===== WORKING DATA

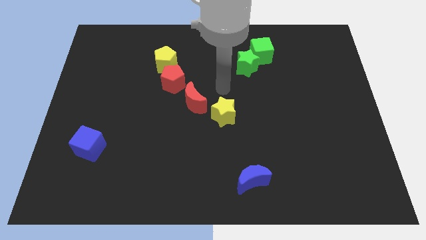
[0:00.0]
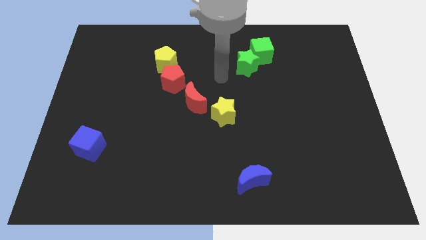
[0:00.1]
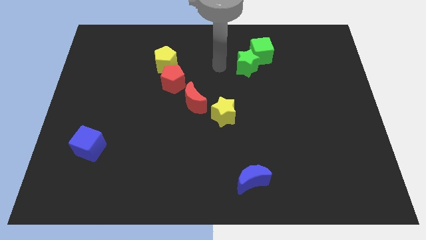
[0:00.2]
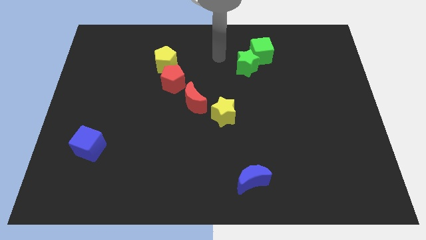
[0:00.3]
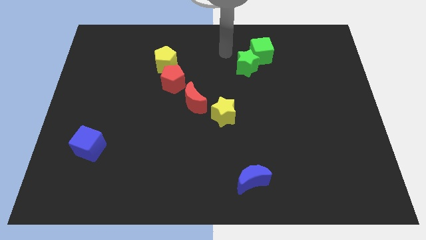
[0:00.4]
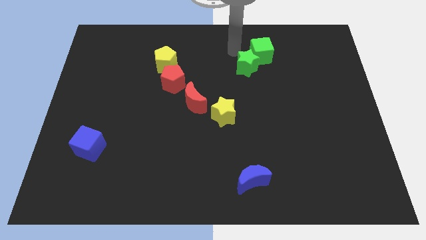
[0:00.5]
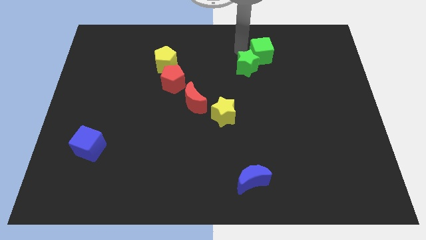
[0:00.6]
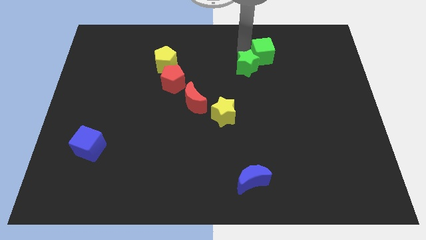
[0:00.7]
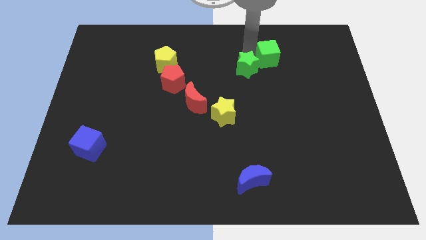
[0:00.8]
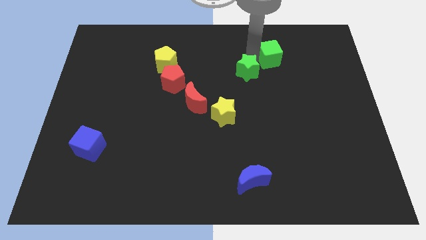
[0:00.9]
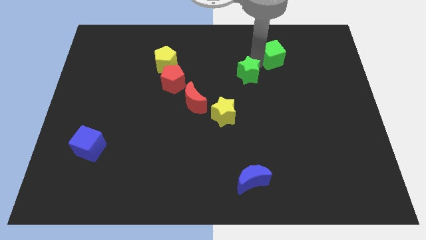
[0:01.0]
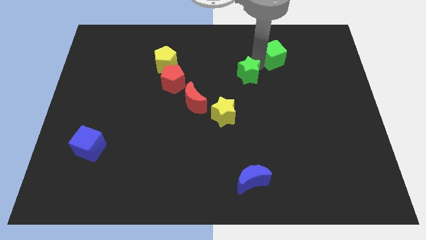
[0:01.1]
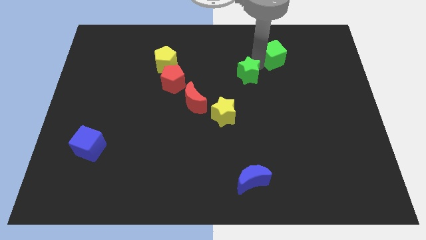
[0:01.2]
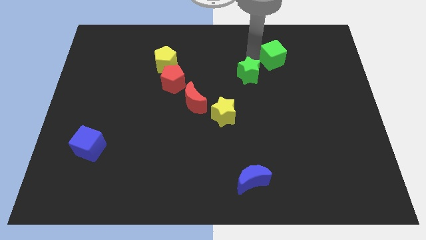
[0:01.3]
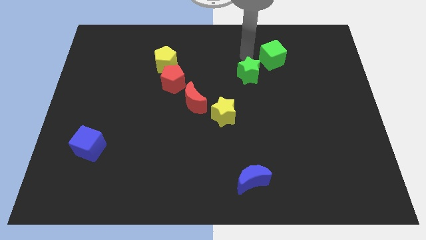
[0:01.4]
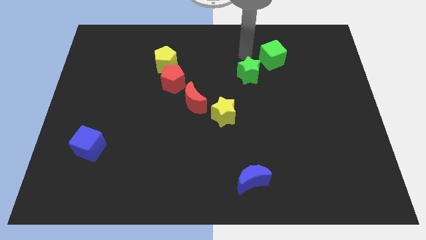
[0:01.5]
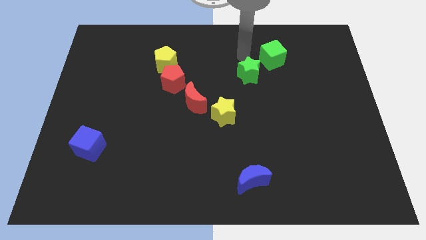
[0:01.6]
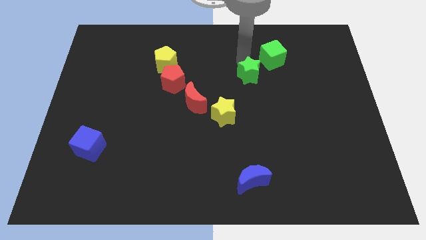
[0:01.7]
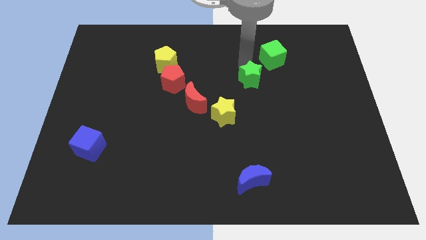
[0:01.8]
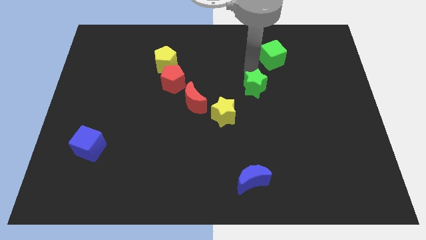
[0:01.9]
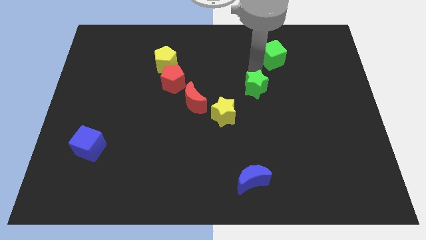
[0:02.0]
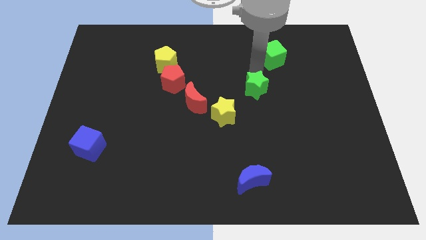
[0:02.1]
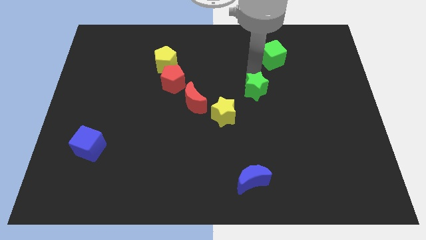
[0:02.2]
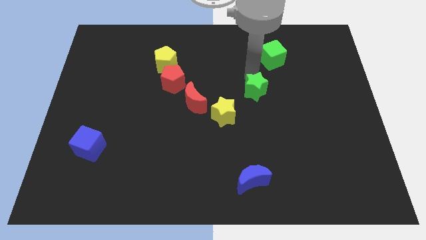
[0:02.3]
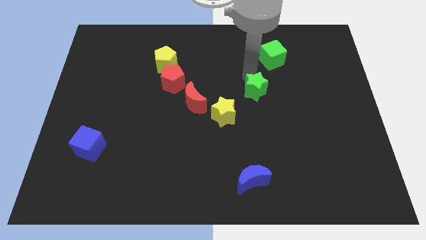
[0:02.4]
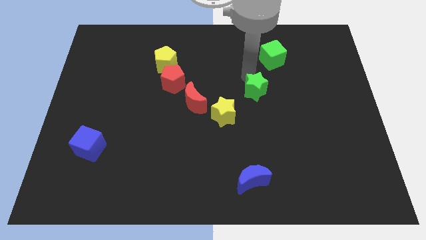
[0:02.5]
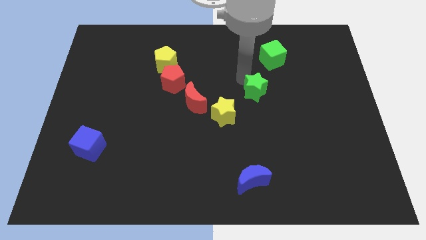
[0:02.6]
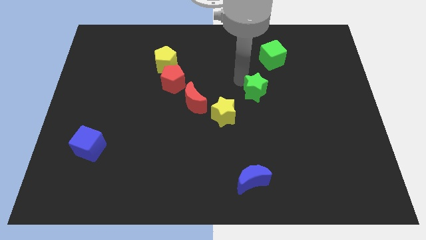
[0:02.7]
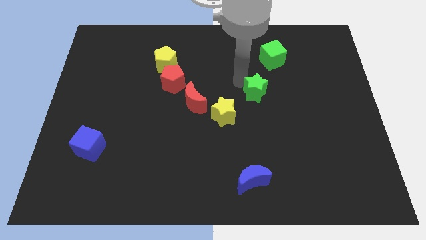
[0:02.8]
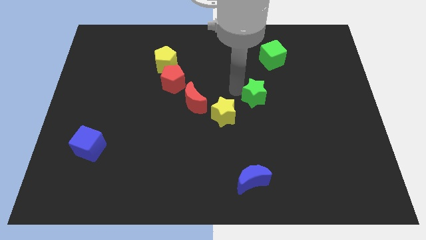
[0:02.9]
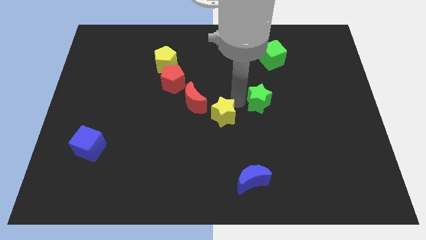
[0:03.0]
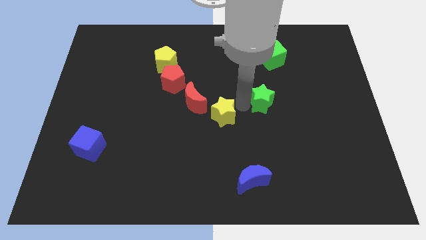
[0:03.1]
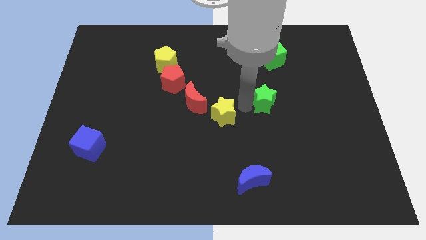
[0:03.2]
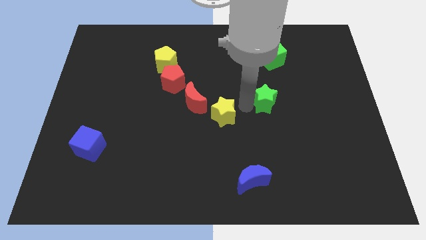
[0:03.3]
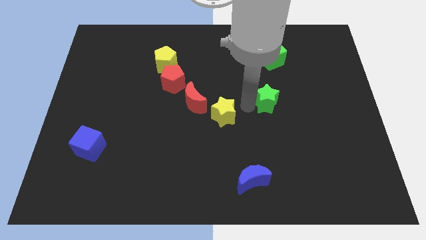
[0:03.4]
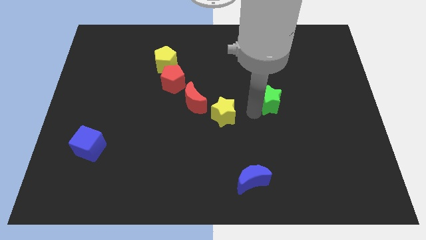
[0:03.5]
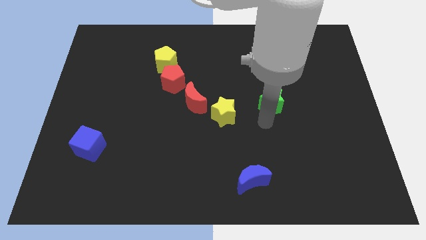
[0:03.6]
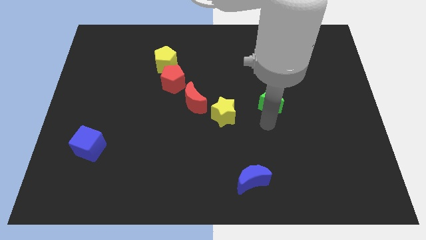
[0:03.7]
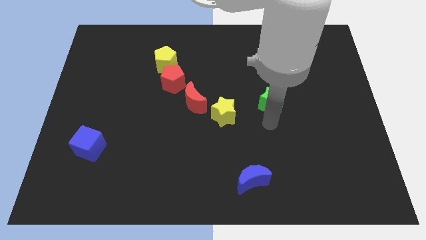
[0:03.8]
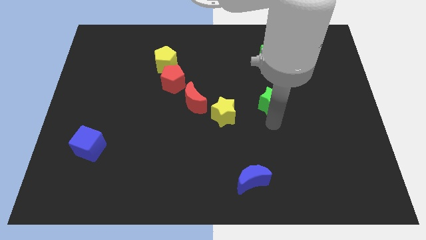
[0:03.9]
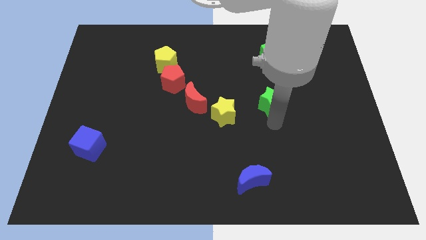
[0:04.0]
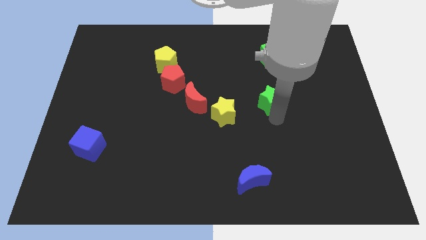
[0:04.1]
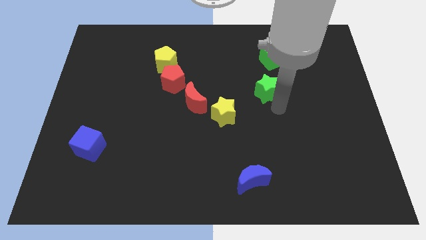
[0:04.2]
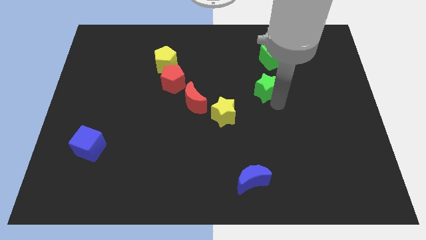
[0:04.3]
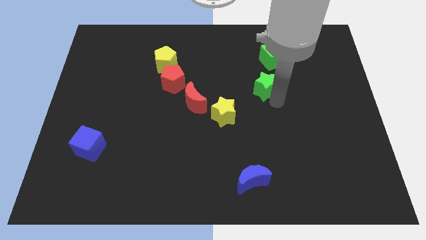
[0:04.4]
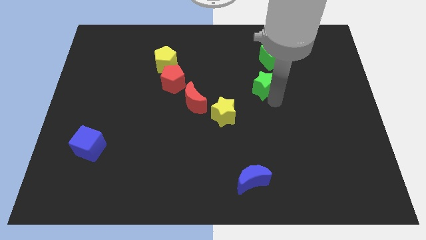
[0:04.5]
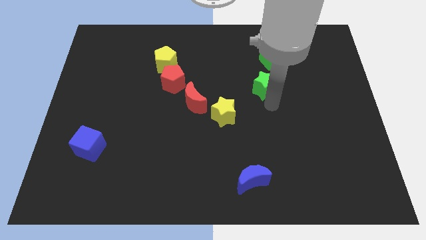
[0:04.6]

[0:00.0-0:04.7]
move green star diagonally below the green cube

==========

▸ **WORK REQUIRED**
A faithful copy of the data is required: each word kept, each picture omitted.

▸ **RESULT FOR THIS TASK**
[0:00.0]
[0:00.1]
[0:00.2]
[0:00.3]
[0:00.4]
[0:00.5]
[0:00.6]
[0:00.7]
[0:00.8]
[0:00.9]
[0:01.0]
[0:01.1]
[0:01.2]
[0:01.3]
[0:01.4]
[0:01.5]
[0:01.6]
[0:01.7]
[0:01.8]
[0:01.9]
[0:02.0]
[0:02.1]
[0:02.2]
[0:02.3]
[0:02.4]
[0:02.5]
[0:02.6]
[0:02.7]
[0:02.8]
[0:02.9]
[0:03.0]
[0:03.1]
[0:03.2]
[0:03.3]
[0:03.4]
[0:03.5]
[0:03.6]
[0:03.7]
[0:03.8]
[0:03.9]
[0:04.0]
[0:04.1]
[0:04.2]
[0:04.3]
[0:04.4]
[0:04.5]
[0:04.6]

[0:00.0-0:04.7]
move green star diagonally below the green cube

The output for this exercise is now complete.